Actually, if a colleague was giving bullshit information to students about grad school, since that's my specific purview, I think I actually would have the backbone to confront them about it, or at least ask if that's indeed what they were telling students. For instance, we have one faculty member who tells students that the life of a prof is easy. Um, maybe for *him*! So I asked him to tell students to talk to an assistant professor what their lives are like these days and what grad school was like, just so they know. Since he saw that as *additional* advice, not contradicting his own tales of academia, he's been actually advising students to talk to us and they been taking him up on it. Then we tell them how much academia has changed since he got his Ph.D. in 1970.

So, there are ways of working around the bullshitters without stepping on toes.

Bardiac said...

Wow, so what the heck does this student think is going to happen when s/he doesn't go off to whatever school in fall on a full ride or whatever?

Is s/he delusional or?

And yes, by all means, try to give the other students a reality check, and talk to the student in question when you get a chance.

MT said...

I agree with whoever said you answered your own question. Delicate but very likely effective.

MT said...

i.e. I'd take E.F. Benson's Lucia as my role model.

Anonymous said...

i.e. I'd take E.F. Benson's Lucia as my role model. Murky Thoughts

And a great role model she is. One of my favorites. That makes ACS my Georgie.

(Only Dr. Virago is supposed to get this. Sorry.)

Anonymous said...

Just thought I'd chime in - I would actually maybe talk to the student's most direct advisor first.

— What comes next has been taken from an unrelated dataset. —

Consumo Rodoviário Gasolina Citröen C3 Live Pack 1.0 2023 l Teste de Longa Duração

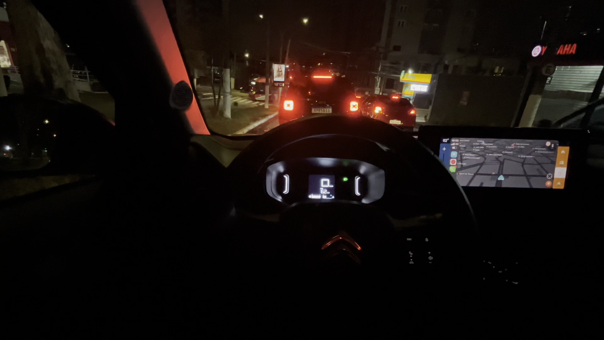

Some profs can get a little territorial about their students - not that you don't have all the reason in the world to talk to this student personally, being the DGS. But the advisor-student relationship is usually closer and more personal and it might feel less like a smack down.

Either way, bullshit should definitely be called and the fibbing upstart should be taken down a peg or two!

Chaser said...

I'm rather a dissenting voice here, I think. I tend not to get involved ever in grad student intrigue. They need to sort through this kind of stuff themselves. I would probably be satisfied with saying "I've really flummoxed, because I've never heard of anything like this ever happening. I wonder if you two miscommunicated? Maybe he told you what he hoped will happen?" And then be done.

If you don't have any absolute *proof* that he's said these things, and that if he has said them, they are untrue, then depending on how you call BS, you could look like you have it out for him, and that's always rough for feminist professor when vis-a-vis swaggering male grad student.

Of course this person needs to be taken down a notch, but I never think **I** am the one who has to do it. These types of people are usually the agents of their own downfall.